Yes this turns the game into a “how long can you survive for” type of game, but if there’s no more challenge, players will get bored and leave anyways. By having 2 modes, the game will cater to both hardcore and casual players.
4. Allow the Player to Control the Difficulty
Although Project Zomboid is a flawed game, one of its best aspects is allowing the player to finetune the difficulty curve. They get to control dozens of settings including:
- Exp growth
- Food spoilage rate
- Item rarity
- Spawn rates
- Zombie strength/speed
- Zombie numbers
- Zombie growth multiplier
- +Heaps more
This is the main reason I put so many hours into the game.
Too many survival games have very flawed difficulty progression that makes the player’s time feel wasted. If a game markets itself as a survival game, it should be focused on survival. And that aspect needs to be challenging.
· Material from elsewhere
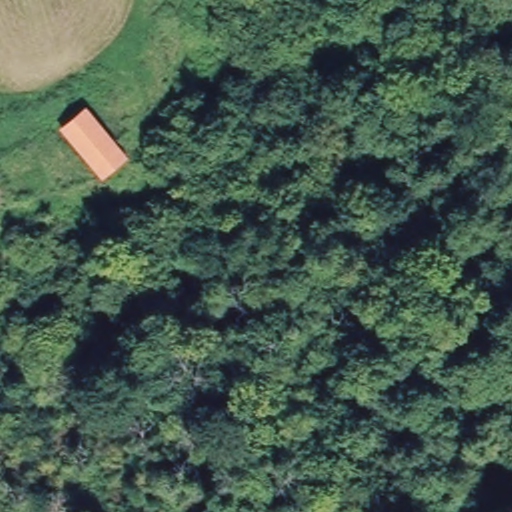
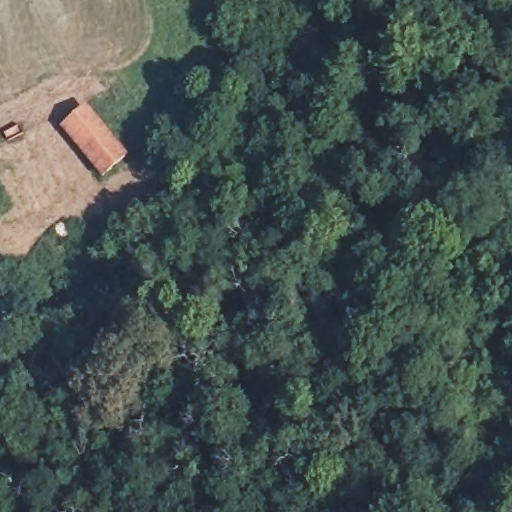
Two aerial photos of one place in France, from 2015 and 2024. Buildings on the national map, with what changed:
unchanged [(60,127),(90,104),(130,159),(102,180),(60,127)]

As always, there’s going to be exceptions to the rules. Not all games need to be focused on challenge. Some can engage players through other ways such as story or short & long term goals. And those are fine too.
I’m personally a huge fan of the survival genre and hope this guide can help developers make smarter design choices.
These principals should also apply to most other genres too.
Since it’s a big and important topic, in the future I’ll also write a guide on how to balance this difficulty curve properly so really good players don’t feel the game is too easy whilst beginner players don’t find it impossible.